The results of my test are in attachment.

Thanks for your help,

Dimitri
Comment 11 dim.kde 2011-03-21 11:27:38 UTC
Created attachment 58207 [details]
Patch that seems to correct the symlink problem

Hello,

As I really wanted to use the symlink of git-annex, I searched a little and I found this commit of Jeff Mitchell (at the bottom) had resolved this problem the first time. As this modification was squashed, I try to backport this in the 2.4.0 version and it seems to works succesfully for me. The patch is in attachment.

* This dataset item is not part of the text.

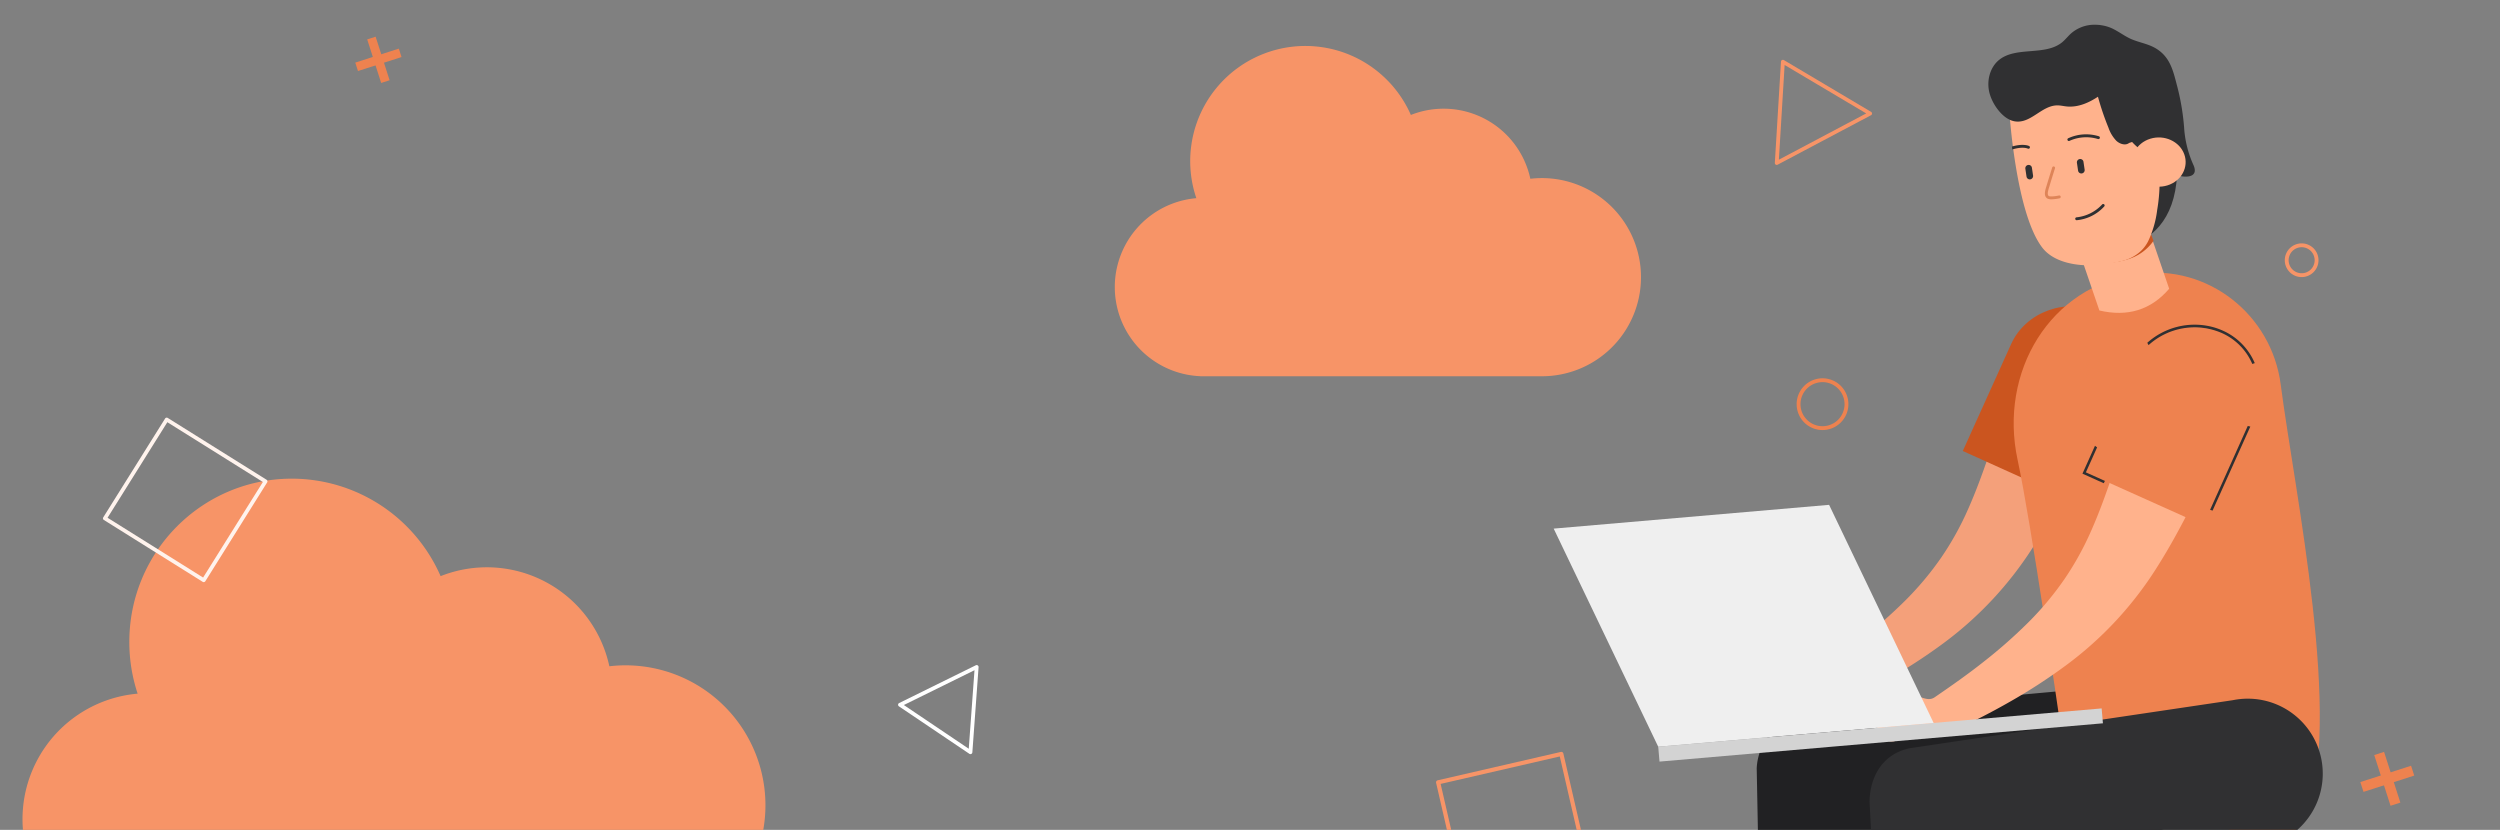 <svg xmlns="http://www.w3.org/2000/svg" xmlns:xlink="http://www.w3.org/1999/xlink" width="1196" height="397" viewBox="0 0 1196 397"><rect x="0" y="0" width="1196" height="397" fill="#808080" stroke="none"/><defs><clipPath id="clip-path"><path id="Tracciato_44278" data-name="Tracciato 44278" d="M110,30H1306V427H110Z" transform="translate(-1 2141)" fill="#ee8250"></path></clipPath><clipPath id="clip-path-2"><path id="Tracciato_44206" data-name="Tracciato 44206" d="M110,30H1306V427H110Z" transform="translate(-1 2241)" fill="#ee8250"></path></clipPath></defs><g id="img_CTA" data-name="img CTA" transform="translate(-109 -2271)"><g id="Raggruppa_11672" data-name="Raggruppa 11672" transform="translate(0 100)"><g id="Gruppo_di_maschere_11180" data-name="Gruppo di maschere 11180" clip-path="url(#clip-path)"><g id="Raggruppa_11673" data-name="Raggruppa 11673"><g id="Raggruppa_11321" data-name="Raggruppa 11321"><g id="icona_hosting_NEW" data-name="icona hosting NEW" transform="translate(-250.672 1890.974)"><path id="Unione_3" data-name="Unione 3" d="M204.483,158.027H40.9V158A42.681,42.681,0,0,1,39,72.833,55.091,55.091,0,0,1,141.631,33.021a42.44,42.44,0,0,1,57.156,30.531,47.4,47.4,0,1,1,5.7,94.475Z" transform="translate(893 302)" fill="#f79467"></path></g><g id="icona_hosting_NEW-2" data-name="icona hosting NEW" transform="translate(-773.227 2097.992)"><path id="Unione_3-2" data-name="Unione 3" d="M288.781,223.173H57.757v-.041a60.276,60.276,0,0,1-2.681-120.275,78.359,78.359,0,0,1-3.983-24.747C51.093,34.971,85.9,0,128.84,0a77.752,77.752,0,0,1,71.178,46.634,59.936,59.936,0,0,1,80.719,43.117,66.936,66.936,0,1,1,8.043,133.422Z" transform="translate(893 302)" fill="#f79467"></path></g></g><path id="Tracciato_44229" data-name="Tracciato 44229" d="M74.224,1884.283a1,1,0,0,1-.482.267l-58.947,13.568a1,1,0,0,1-1.2-.75L.026,1838.43a1,1,0,0,1,.749-1.2l58.937-13.573a1,1,0,0,1,1.2.749l13.582,58.943a1,1,0,0,1-.126.754,1.02,1.02,0,0,1-.141.176m-58.9,11.665,57-13.12-13.133-57L2.2,1838.956Z" transform="translate(796 707.066)" fill="#f79467"></path></g></g></g><g id="img_" data-name="img " clip-path="url(#clip-path-2)"><g id="Raggruppa_11670" data-name="Raggruppa 11670" transform="translate(698 2266.004)"><g id="Raggruppa_11416" data-name="Raggruppa 11416" transform="translate(57 16.83)"><path id="Tracciato_44155" data-name="Tracciato 44155" d="M613.663,1664.3a7.733,7.733,0,0,1,5.054-2.277,47.1,47.1,0,0,1,5.676.045,29.991,29.991,0,0,0,13.468-2.957,44.812,44.812,0,0,1,6.575-3.044l13.254,1.224a15.238,15.238,0,0,1,3.075,7.392,26.839,26.839,0,0,1-.06,7.3l-.183,2.768-48.7-3.21.183-2.768h-.011a7.519,7.519,0,0,1,1.67-4.475" transform="translate(-383.061 -1056.341)" fill="#ee824f"></path><path id="Tracciato_44156" data-name="Tracciato 44156" d="M717.778,1618.529l-2.64,14.635-13.254-1.224.007-13.7Z" transform="translate(-440.509 -1032.218)" fill="#ffb28c"></path><path id="Tracciato_44157" data-name="Tracciato 44157" d="M442.143,1662.079a7.733,7.733,0,0,1,5.119-2.126,46.972,46.972,0,0,1,5.672.214,30,30,0,0,0,13.55-2.555,44.78,44.78,0,0,1,6.663-2.847l13.212,1.617a15.239,15.239,0,0,1,2.854,7.481,26.83,26.83,0,0,1-.277,7.3l-.265,2.762-48.586-4.657.265-2.762h-.011a7.517,7.517,0,0,1,1.8-4.424" transform="translate(-273.518 -1055.513)" fill="#ee824f"></path><path id="Tracciato_44158" data-name="Tracciato 44158" d="M547.666,1617.72l-3.074,14.55-13.212-1.617.414-13.689Z" transform="translate(-331.751 -1031.401)" fill="#ffb28c"></path><path id="Tracciato_44159" data-name="Tracciato 44159" d="M516.962,911.565a27.359,27.359,0,0,1,23.407-25.783l152.87-13.963.043-.007a35.857,35.857,0,0,1,23.982,66l0,.006-.032.013a35.729,35.729,0,0,1-13.635,4.943c-.76.11-89.979,6.061-136.081.569l-27.938,198.882-18.206-.868Z" transform="translate(-322.554 -555.855)" fill="#212123"></path><path id="Tracciato_44160" data-name="Tracciato 44160" d="M512.609,573.507c-1.678-3.343-.758-7.292,2.095-9.008l6.312-3.86,6.238-3.949c4.182-2.6,8.232-5.357,12.33-8.035,8.077-5.505,16.066-11.08,23.605-17.03a238.84,238.84,0,0,0,21.3-18.688,147.579,147.579,0,0,0,17.454-20.815,142.213,142.213,0,0,0,12.946-23.382c3.68-8.286,6.886-17.073,9.991-26.195s6.106-18.553,9.238-28.085,6.346-19.175,9.795-28.8a21.148,21.148,0,0,1,13.071-12.431A25.3,25.3,0,0,1,676.04,374.5h0a26.686,26.686,0,0,1,13.3,13.68,20.565,20.565,0,0,1-.324,17.29c-4.57,8.535-8.975,17.229-13.4,26.05s-8.825,17.81-13.522,26.947-9.725,18.431-15.543,27.582a172.176,172.176,0,0,1-44.319,47.638,264.277,264.277,0,0,1-26.332,17c-8.942,5.124-18.054,9.657-27.169,14.07-4.592,2.117-9.141,4.317-13.76,6.316l-6.9,3.057-6.931,2.944c-3.117,1.344-6.854-.217-8.532-3.56" transform="translate(-319.244 -237.241)" fill="#f4a07a"></path><path id="Tracciato_44161" data-name="Tracciato 44161" d="M845.3,466.453l23.141-51.2c7-15.488,1.395-33.672-14.093-40.672s-34.994-.164-41.993,15.324L789.21,441.1Z" transform="translate(-496.211 -237.178)" fill="#cb551f"></path><path id="Tracciato_44162" data-name="Tracciato 44162" d="M915.939,328.04h0c-42.368,5.786-66.65,47.141-57.645,88.943,6.56,30.451,19.877,123.093,19.877,123.093,3.1,12.781,103.285,83.045,117.9,47.61,18.263-44.291-5.271-155.526-11.889-206.632-4.333-33.467-34.8-57.58-68.239-53.014" transform="translate(-539.087 -208.89)" fill="#ee824f"></path><path id="Tracciato_44163" data-name="Tracciato 44163" d="M956.342,201.08s45.4,7.165,41.882-44.98c0,0-17.019-9.048-18.2-9.442s-12.183,40.135-12.183,40.135Z" transform="translate(-602.818 -93.546)" fill="#303032"></path><path id="Tracciato_44164" data-name="Tracciato 44164" d="M935.859,260.386,948.1,296.163q20.37,4.759,33.386-10.4l-12.24-35.776Z" transform="translate(-589.753 -159.459)" fill="#ffb28c"></path><path id="Tracciato_44165" data-name="Tracciato 44165" d="M948.073,271.273l3.439,9.313A42.346,42.346,0,0,0,968.4,279.5c.321-.091.641-.181.959-.28a23.029,23.029,0,0,0,12.417-8.867l-3.173-8.59Z" transform="translate(-597.544 -166.97)" fill="#cb551f"></path><path id="Tracciato_44166" data-name="Tracciato 44166" d="M850.706,86.523s3.013,48.627,15.746,65.236c6.468,8.436,21.952,10.7,38.743,6.279a19.8,19.8,0,0,0,4.83-1.983c.578-.339,1.151-.7,1.7-1.1.116-.077.23-.164.344-.251a17.072,17.072,0,0,0,4.978-5.855,48.573,48.573,0,0,0,4.395-15.145,81.637,81.637,0,0,0,1.154-13.066,36.964,36.964,0,0,0-3.057-15.01L909.117,76.744l-46.6-5.967-8.436,11.81c-.011-.009-3.378,3.923-3.374,3.937" transform="translate(-535.437 -45.146)" fill="#ffb28c"></path><path id="Tracciato_44167" data-name="Tracciato 44167" d="M891.752,56.087a28.192,28.192,0,0,0,5.53,4.666c5.919,4.234,11.665,11.064,18.845,11.836,3.808.409,6.971-.85,5.055-5.307a51.465,51.465,0,0,1-4.447-16.83,112.386,112.386,0,0,0-3.264-20.482c-1.9-7.1-3.119-14.063-9.931-18.393-3.908-2.484-8.315-2.981-12.4-4.806-3.553-1.586-6.9-4.409-10.539-5.659A20.4,20.4,0,0,0,873.942,0a16.957,16.957,0,0,0-11.485,4.248c-1.439,1.319-2.655,2.9-4.158,4.135-8.1,6.664-21.985,1.854-30.151,8.426-3.968,3.193-5.891,8.947-4.887,14.623,1.039,5.877,6.352,13.77,12.311,14.777,7.786,1.317,12.948-7.8,20.689-7.626,1.483.034,2.985.416,4.475.537,5.342.434,10.422-1.862,14.687-4.678a127.713,127.713,0,0,0,5.034,14.828A17.1,17.1,0,0,0,884.2,55.5c1.771,1.648,4.467,2.388,6.114,1.064Z" transform="translate(-517.763 0)" fill="#303032"></path><path id="Tracciato_44168" data-name="Tracciato 44168" d="M1013.45,164.453c2.275,6.161,9.558,9.461,16.266,7.372s10.3-8.777,8.028-14.938-9.558-9.461-16.267-7.372-10.3,8.777-8.027,14.938" transform="translate(-638.81 -94.97)" fill="#ffb28c"></path><path id="Tracciato_44169" data-name="Tracciato 44169" d="M676.886,593.87c-1.686-3.34-.775-7.29,2.074-9.013l6.3-3.875,6.229-3.963c4.176-2.605,7.916,2.478,12.008-.21,8.065-5.524,16.04-11.117,23.566-17.084a238.86,238.86,0,0,0,21.255-18.737,147.57,147.57,0,0,0,17.406-20.855,142.172,142.172,0,0,0,12.891-23.412c3.66-8.295,6.847-17.088,9.93-26.217s6.064-18.567,9.172-28.107,6.3-19.189,9.729-28.823a21.149,21.149,0,0,1,13.042-12.461,25.293,25.293,0,0,1,19.061,1.223,26.682,26.682,0,0,1,13.328,13.649,20.565,20.565,0,0,1-.284,17.29c-4.55,8.545-8.935,17.249-13.338,26.081s-8.784,17.831-13.46,26.978-9.683,18.453-15.479,27.618a172.132,172.132,0,0,1-44.209,47.74,264.1,264.1,0,0,1-26.292,17.059c-8.931,5.145-18.031,9.7-27.136,14.133-4.587,2.127-8.828-3.516-13.441-1.507l-6.892,3.073-6.925,2.96c-3.113,1.352-6.854-.2-8.54-3.54" transform="translate(-424.025 -255.016)" fill="#ffb28c"></path><path id="Tracciato_44170" data-name="Tracciato 44170" d="M1007.963,494.313l23.023-51.256c6.964-15.5,1.316-33.676-14.187-40.639s-34.993-.083-41.957,15.421l-23.023,51.256Z" transform="translate(-599.932 -254.955)" fill="#ee824f"></path><path id="Tracciato_44171" data-name="Tracciato 44171" d="M947.29,467.508l10.189,4.576.563-1.108-9.112-4.091,5.368-11.95-1.014-.764Zm31.015-62.61.608,1.124a32.7,32.7,0,0,1,35-5.817,28.474,28.474,0,0,1,14.632,14.824l1.179-.41a29.759,29.759,0,0,0-15.3-15.548,32.229,32.229,0,0,0-5.547-1.9,33.966,33.966,0,0,0-30.569,7.723m48.068,39.785-18.026,40.133,1.194.367,18.056-40.2Z" transform="translate(-597.044 -252.742)" fill="#303032"></path><path id="Tracciato_44172" data-name="Tracciato 44172" d="M685.442,913.964,839.836,891.01l.042-.01a35.857,35.857,0,0,1,27.561,64.59l0,.006-.031.015a35.73,35.73,0,0,1-13.344,5.682c-.752.152-90.075,10.978-136.594,7.974L696,1154.21l-18.224-.326L666,939.675c.209-12.834,6.871-23.2,19.441-25.711" transform="translate(-417.62 -567.879)" fill="#303032"></path><rect id="Rettangolo_3296" data-name="Rettangolo 3296" width="212.925" height="7.149" transform="translate(147.291 345.39) rotate(-4.935)" fill="#d3d3d3"></rect><path id="Tracciato_44173" data-name="Tracciato 44173" d="M298.766,749.943l131.758-11.377-50.01-104.334L248.756,645.608Z" transform="translate(-151.475 -404.553)" fill="#efefef"></path><path id="Tracciato_44174" data-name="Tracciato 44174" d="M582.1,491.826a12.381,12.381,0,1,1,12.381-12.381A12.395,12.395,0,0,1,582.1,491.826m0-22.921a10.54,10.54,0,1,0,10.54,10.54,10.552,10.552,0,0,0-10.54-10.54" transform="translate(-356.207 -297.923)" fill="#ee824f"></path><path id="Tracciato_44175" data-name="Tracciato 44175" d="M1450.314,213.9a8.064,8.064,0,1,1,8.065-8.064,8.074,8.074,0,0,1-8.065,8.064m0-14.288a6.224,6.224,0,1,0,6.224,6.224,6.231,6.231,0,0,0-6.224-6.224" transform="translate(-995.208 -93.175)" fill="#f79467"></path><path id="Tracciato_44176" data-name="Tracciato 44176" d="M1984.114,924.627a.921.921,0,0,1-.489-.14L1936.353,894.9a.921.921,0,0,1-.292-1.268l29.574-47.269a.92.92,0,0,1,1.268-.292l47.27,29.573a.921.921,0,0,1,.292,1.268l-29.571,47.279a.921.921,0,0,1-.574.409.933.933,0,0,1-.207.023m-46-30.795,45.711,28.606,28.595-45.718-45.709-28.6Z" transform="translate(-2532.656 -657.969)" fill="#fff3ed"></path><path id="Tracciato_44177" data-name="Tracciato 44177" d="M124.96,1280.6a.922.922,0,0,1-.919-.976l2.946-48.438a.92.92,0,0,1,1.388-.736l41.73,24.769a.921.921,0,0,1-.039,1.6l-44.675,23.668a.92.92,0,0,1-.431.107m3.773-47.8-2.755,45.3,41.777-22.133Z" transform="translate(79.035 -1213.535)" fill="#f79467"></path><path id="Tracciato_44178" data-name="Tracciato 44178" d="M1529.772,1606.881a.924.924,0,0,1-.515-.156l-33.684-22.7a.92.92,0,0,1,.107-1.589l36.66-18.065a.92.92,0,0,1,1.325.893l-2.975,40.76a.92.92,0,0,1-.918.853m-31.854-23.492,31.051,20.921,2.743-37.573Z" transform="translate(-1711.514 -1257.936)" fill="#fff"></path><rect id="Rettangolo_3297" data-name="Rettangolo 3297" width="25.494" height="4.934" transform="matrix(0.952, -0.306, 0.306, 0.952, 483.187, 362.304)" fill="#ee824f"></rect><rect id="Rettangolo_3298" data-name="Rettangolo 3298" width="4.934" height="25.494" transform="matrix(0.952, -0.306, 0.306, 0.952, 489.834, 349.375)" fill="#ee824f"></rect><g id="Raggruppa_11671" data-name="Raggruppa 11671" transform="translate(-1324 -562.379)"><rect id="Rettangolo_3299" data-name="Rettangolo 3299" width="21.885" height="4.236" transform="translate(847.962 580.492) rotate(-17.787)" fill="#ee824f"></rect><rect id="Rettangolo_3300" data-name="Rettangolo 3300" width="4.236" height="21.885" transform="translate(853.669 569.393) rotate(-17.787)" fill="#ee824f"></rect></g><path id="Tracciato_44180" data-name="Tracciato 44180" d="M928.14,148a.69.69,0,0,0,.256-.058,19.391,19.391,0,0,1,13.644-.889.693.693,0,0,0,.5-1.291,20.417,20.417,0,0,0-14.7.912.692.692,0,0,0,.3,1.327" transform="translate(-584.374 -92.379)" fill="#303032"></path><path id="Tracciato_44181" data-name="Tracciato 44181" d="M950.843,236.865a.694.694,0,0,0-.213.154,19.391,19.391,0,0,1-12.207,6.159.692.692,0,0,0,.044,1.384,20.417,20.417,0,0,0,13.171-6.593.693.693,0,0,0-.794-1.1" transform="translate(-590.962 -151.047)" fill="#303032"></path><path id="Tracciato_44182" data-name="Tracciato 44182" d="M901.183,202.9a21.139,21.139,0,0,0,3.513-.47.692.692,0,1,0-.292-1.353c-1.938.418-4.359.62-4.873.257-.935-.673-.3-2.718.266-4.522.077-.249.154-.494.225-.733,1.166-3.88,2.467-7.96,2.48-8a.692.692,0,1,0-1.319-.421c-.013.041-1.317,4.132-2.487,8.024-.07.235-.145.475-.221.719-.7,2.251-1.5,4.8.252,6.061a4.368,4.368,0,0,0,2.455.44" transform="translate(-565.394 -119.39)" fill="#de8458"></path><path id="Tracciato_44183" data-name="Tracciato 44183" d="M939.956,179.219a1.6,1.6,0,0,1,1.333-1.82h0a1.569,1.569,0,0,1,1.177.286,1.549,1.549,0,0,1,.624,1.034c.167,1.126.39,2.625.555,3.742a1.6,1.6,0,0,1-1.333,1.82,1.573,1.573,0,0,1-1.8-1.319c-.167-1.126-.389-2.626-.555-3.742" transform="translate(-592.355 -113.144)" fill="#303032" fill-rule="evenodd"></path><path id="Tracciato_44184" data-name="Tracciato 44184" d="M871.83,187.032a1.6,1.6,0,0,1,1.333-1.82h0a1.568,1.568,0,0,1,1.177.286,1.544,1.544,0,0,1,.624,1.034c.167,1.125.39,2.625.555,3.742a1.6,1.6,0,0,1-1.333,1.82,1.574,1.574,0,0,1-1.8-1.319l-.555-3.742" transform="translate(-548.9 -118.127)" fill="#303032" fill-rule="evenodd"></path><path id="Tracciato_44185" data-name="Tracciato 44185" d="M854.185,159.514c5.5-1.588,8.1-.3,8.233-.231a.693.693,0,0,1-.647,1.225c-.028-.015-2.321-1.143-7.429.4-.061-.5-.113-.966-.157-1.39" transform="translate(-537.656 -101.244)" fill="#303032"></path></g></g></g></g></svg>

As I'm not a developper and even less a c++ developper, you should be carefully about those modification ;).

Thank you,

Dimitri

commit 30c85f027557318d1c64b6b19c46903f62eaa4e4
Author: Jeff Mitchell <mitchell@kde.org>
Date:   Fri Aug 27 16:51:28 2010 -0400

    Resolving directories' symlinks during scanning meant that directories could be seen as "out of the collection" and show up during full scans but disappear during incremental scans.

    Thanks to tampakrap (Theo Chatzimichos) for helping track this down.

diff --git a/utilities/collectionscanner/CollectionScanner.cpp b/utilities/collectionscanner/CollectionScanner.cpp
index f0cef67..cbe55a1 100644
--- a/utilities/collectionscanner/CollectionScanner.cpp
+++ b/utilities/collectionscanner/CollectionScanner.cpp
@@ -379,12 +379,10 @@ CollectionScanner::readDir( const QString& dir, QStringList& entries )
     QStringList recurseDirs;
     foreach( const QFileInfo &fi, list )
     {
-        if( !fi.exists() )
+        if( !fi.exists() || ( fi.isSymLink() && !QFileInfo( fi.symLinkTarget() ).exists() ) )
             break;
 
-        const QFileInfo &f = fi.isSymLink() ? QFileInfo( fi.symLinkTarget() ) : fi;
-
-        if( f.isDir() && m_recursively && !m_scannedFolders.contains( f.canonicalFilePath() ) )
+        if( fi.isDir() && m_recursively && !m_scannedFolders.contains( fi.absoluteFilePath() ) )
         {
             //The following D-Bus call is used to see if a found folder is new or not
             //During an incremental scan the scanning isn't really recursive, as all folders
@@ -395,16 +393,16 @@ CollectionScanner::readDir( const QString& dir, QStringList& entries )
             bool isInCollection = false;
             if( m_incremental && m_amarokCollectionInterface )
             {
-                QDBusReply<bool> reply = m_amarokCollectionInterface->call( "isDirInCollection", f.canonicalFilePath() );
+                QDBusReply<bool> reply = m_amarokCollectionInterface->call( "isDirInCollection", fi.absoluteFilePath() );
                 if( reply.isValid() )
                     isInCollection = reply.value();
             }
 
             if( !m_incremental || !isInCollection )
-                recurseDirs << QString( f.absoluteFilePath() + '/' );
+                recurseDirs << QString( fi.absoluteFilePath() + '/' );
         }
-        else if( f.isFile() )
-            entries.append( f.absoluteFilePath() );
+        else if( fi.isFile() )
+            entries.append( fi.absoluteFilePath() );
     }
     foreach( const QString &dir, recurseDirs )
         readDir( dir, entries );
Comment 12 Matthias Pfafferodt 2012-09-26 19:30:23 UTC
I have the same problem as dim.kde also using git annex. Could using symlinks in the collection be added as an option?
Comment 13 Matthias Pfafferodt 2012-09-27 19:25:19 UTC
I did checked it now with different settings - one has to include the ./.git/annex dir with the 'real' files in the collection and then it is working!
Comment 14 Matthias Pfafferodt 2012-09-29 17:23:39 UTC
It is working due to the fact, that the annexed files are included in the collection and sorted due to the included tags. The links are not used at all. This helps as long as all files have tags ... For some files without tags an option to follow symlinks would be helpful. But, the current situation is working OK.